Big-O scaling

Computer science has this thing called “big-O notation” (that’s O as in “oh”, not zero). It is a way of describing how algorithms behave as they’re given bigger problems to solve.

During the Great Maximum Blocksize Debate, there have been repeated claims that “Bitcoin is not scalable, because it is O(n2).” N-squared scaling is not sustainable; double N, and you need four times the resources (memory or CPU).

At the Montreal Scaling Bitcoin conference, I had a chance to talk to a couple of those people and ask them what the heck they’re talking about. Turns out they’re talking about a few different things.

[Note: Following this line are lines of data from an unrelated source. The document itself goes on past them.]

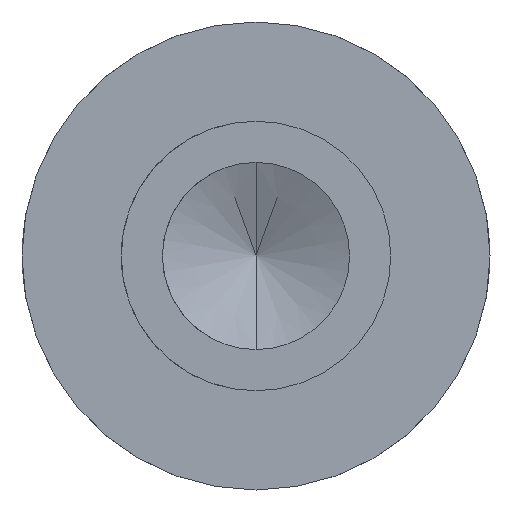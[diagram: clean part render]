
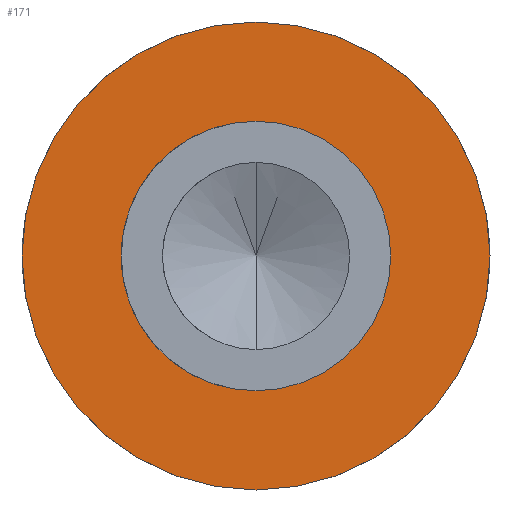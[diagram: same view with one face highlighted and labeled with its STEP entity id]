
A CAD part, front view. The second image highlights one B-rep face of the part: STEP entity #171.
In plain terms, the highlighted planar face has unit normal (0, -1, 0).
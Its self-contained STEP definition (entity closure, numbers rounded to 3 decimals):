
#34 = EDGE_LOOP ( 'NONE', ( #623, #625 ) ) ;
#42 = EDGE_CURVE ( 'NONE', #413, #461, #427, .T. ) ;
#57 = FACE_BOUND ( 'NONE', #426, .T. ) ;
#58 = CARTESIAN_POINT ( 'NONE',  ( 0., 0., 1.587 ) ) ;
#66 = DIRECTION ( 'NONE',  ( 0., 0., 1. ) ) ;
#78 = DIRECTION ( 'NONE',  ( 0., 1., 0. ) ) ;
#83 = AXIS2_PLACEMENT_3D ( 'NONE', #659, #656, #649 ) ;
#85 = CARTESIAN_POINT ( 'NONE',  ( 0., 0., 0. ) ) ;
#86 = DIRECTION ( 'NONE',  ( 0., 1., 0. ) ) ;
#120 = AXIS2_PLACEMENT_3D ( 'NONE', #532, #86, #599 ) ;
#131 = AXIS2_PLACEMENT_3D ( 'NONE', #85, #78, #66 ) ;
#162 = CIRCLE ( 'NONE', #131, 1.587 ) ;
#171 = ADVANCED_FACE ( 'NONE', ( #57, #646 ), #451, .T. ) ;
#185 = AXIS2_PLACEMENT_3D ( 'NONE', #471, #447, #443 ) ;
#211 = CARTESIAN_POINT ( 'NONE',  ( 0., 0., -1.587 ) ) ;
#227 = AXIS2_PLACEMENT_3D ( 'NONE', #772, #768, #764 ) ;
#254 = EDGE_CURVE ( 'NONE', #461, #413, #162, .T. ) ;
#292 = ORIENTED_EDGE ( 'NONE', *, *, #606, .T. ) ;
#323 = EDGE_CURVE ( 'NONE', #349, #507, #826, .T. ) ;
#339 = CIRCLE ( 'NONE', #120, 0.914 ) ;
#349 = VERTEX_POINT ( 'NONE', #582 ) ;
#413 = VERTEX_POINT ( 'NONE', #211 ) ;
#426 = EDGE_LOOP ( 'NONE', ( #891, #292 ) ) ;
#427 = CIRCLE ( 'NONE', #227, 1.587 ) ;
#443 = DIRECTION ( 'NONE',  ( 0., 0., -1. ) ) ;
#447 = DIRECTION ( 'NONE',  ( 0., -1., 0. ) ) ;
#451 = PLANE ( 'NONE',  #185 ) ;
#461 = VERTEX_POINT ( 'NONE', #58 ) ;
#471 = CARTESIAN_POINT ( 'NONE',  ( -1.587, 0., 0. ) ) ;
#507 = VERTEX_POINT ( 'NONE', #528 ) ;
#528 = CARTESIAN_POINT ( 'NONE',  ( 0., 0., -0.914 ) ) ;
#532 = CARTESIAN_POINT ( 'NONE',  ( 0., 0., 0. ) ) ;
#582 = CARTESIAN_POINT ( 'NONE',  ( 0., 0., 0.914 ) ) ;
#599 = DIRECTION ( 'NONE',  ( 0., 0., 1. ) ) ;
#606 = EDGE_CURVE ( 'NONE', #507, #349, #339, .T. ) ;
#623 = ORIENTED_EDGE ( 'NONE', *, *, #254, .F. ) ;
#625 = ORIENTED_EDGE ( 'NONE', *, *, #42, .F. ) ;
#646 = FACE_OUTER_BOUND ( 'NONE', #34, .T. ) ;
#649 = DIRECTION ( 'NONE',  ( 0., 0., 1. ) ) ;
#656 = DIRECTION ( 'NONE',  ( 0., 1., 0. ) ) ;
#659 = CARTESIAN_POINT ( 'NONE',  ( 0., 0., 0. ) ) ;
#764 = DIRECTION ( 'NONE',  ( 0., 0., 1. ) ) ;
#768 = DIRECTION ( 'NONE',  ( 0., 1., 0. ) ) ;
#772 = CARTESIAN_POINT ( 'NONE',  ( 0., 0., 0. ) ) ;
#826 = CIRCLE ( 'NONE', #83, 0.914 ) ;
#891 = ORIENTED_EDGE ( 'NONE', *, *, #323, .T. ) ;
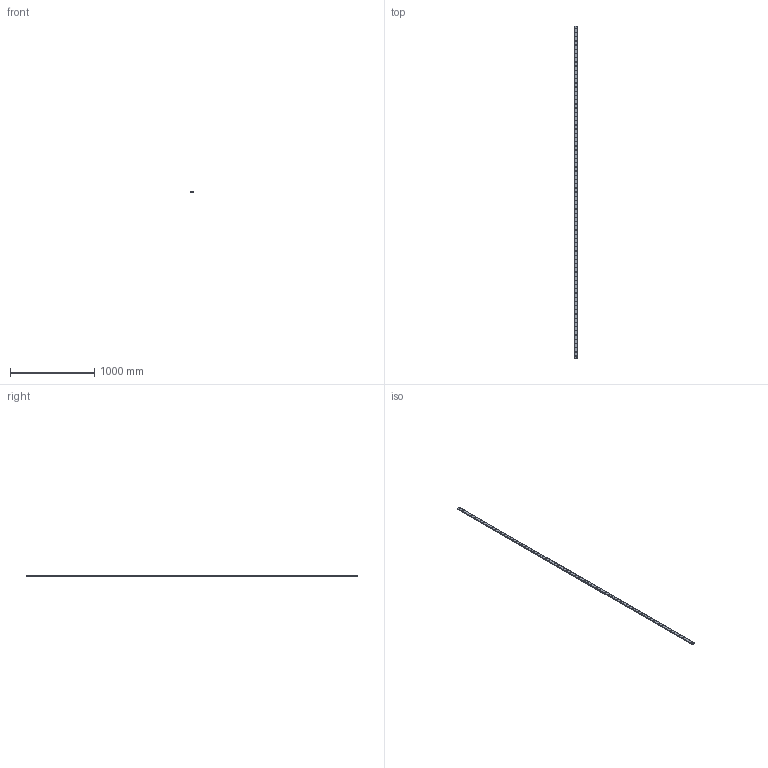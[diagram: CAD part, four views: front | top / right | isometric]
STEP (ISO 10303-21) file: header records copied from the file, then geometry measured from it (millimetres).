
FILE_DESCRIPTION(('STEP AP214'),'1');
FILE_NAME('cctmp_F26CE4A6-EB8F-4F4F-9967-71EE45184D38_2021_03_04_11_05_19_0232..stp','2021-03-04T10:05:19',('HIWIN GmbH'),('CADClick - www.CADClick.com'),'Spatial InterOp 3D',' ','unknown authorization');
FILE_SCHEMA(('AUTOMOTIVE_DESIGN'));
Length unit declared in the file: millimetre
Products named in the file (1): WER21R3950H_FILE
Bounding box: 37 x 3950 x 11 mm (x, y, z)
Volume: 1463800.2 mm3; surface area: 427143.5 mm2
Topology: 1 solids, 1 shells, 1525 faces, 3135 edges, 2090 vertices
Faces by surface type: cylinder 966, plane 559
Entity records: 53445 total; most frequent: DIRECTION 8119, CARTESIAN_POINT 6751, ORIENTED_EDGE 6270, AXIS2_PLACEMENT_3D 3458, EDGE_CURVE 3135, VERTEX_POINT 2090, EDGE_LOOP 2003, CIRCLE 1932
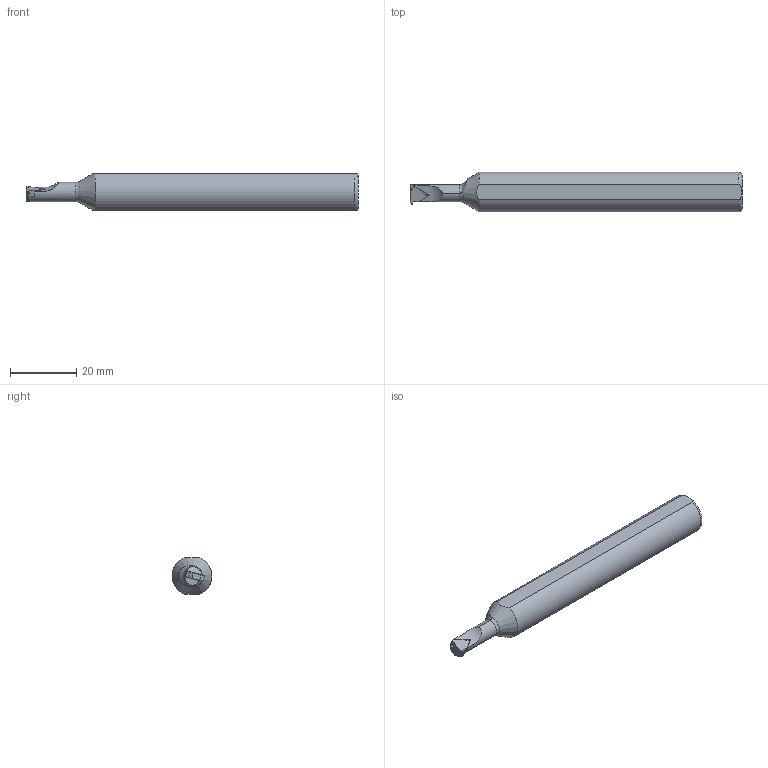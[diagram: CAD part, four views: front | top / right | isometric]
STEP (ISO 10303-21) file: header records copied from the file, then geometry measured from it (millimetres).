
FILE_DESCRIPTION(/* description */ (''),/* implementation_level */ '2;1');
FILE_NAME(/* name */ 'SIR-S12x05H-06.stp',/* time_stamp */ '2023-10-20T08:38:27+03:00',/* author */ (''),/* organization */ (''),/* preprocessor_version */ 'ST-DEVELOPER v19.4',/* originating_system */ 'SIEMENS PLM Software NX2306.3001',/* authorisation */ '');
FILE_SCHEMA (('AUTOMOTIVE_DESIGN { 1 0 10303 214 3 1 1 1 }'));
Length unit declared in the file: millimetre
Products named in the file (1): model1
Bounding box: 100 x 12 x 11 mm (x, y, z)
Volume: 9314.2 mm3; surface area: 3556.4 mm2
Topology: 2 solids, 2 shells, 40 faces, 103 edges, 67 vertices
Faces by surface type: plane 23, cylinder 10, torus 3, cone 2, revolution 1, bspline 1
Entity records: 1936 total; most frequent: CARTESIAN_POINT 691, ORIENTED_EDGE 198, DIRECTION 182, EDGE_CURVE 99, VERTEX_POINT 65, AXIS2_PLACEMENT_3D 63, LINE 55, VECTOR 55

Some of them are taking Metcalfe’s Law (“the value of a telecommunications network is proportional to the square of the number of connected users of the system (n2)” and applying it to Bitcoin transactions, assuming that if there are N people using Bitcoin they will collectively generate N2 transactions. That’s just silly, because even if everybody can theoretically transact with everybody else using Bitcoin, they won’t. I’ve transacted with probably under 100 other people or companies in the five years I’ve been using Bitcoin; the demand for transactions scales up linearly with the number of people using it.

Then there’s the observation that, assuming growth in the number of transactions “n” over time, the entire transaction history grows O(n2) (see Patrick Strateman’s recent talk). Grow faster than CPU power or hard disk space and eventually nobody new will be able to validate the entire blockchain.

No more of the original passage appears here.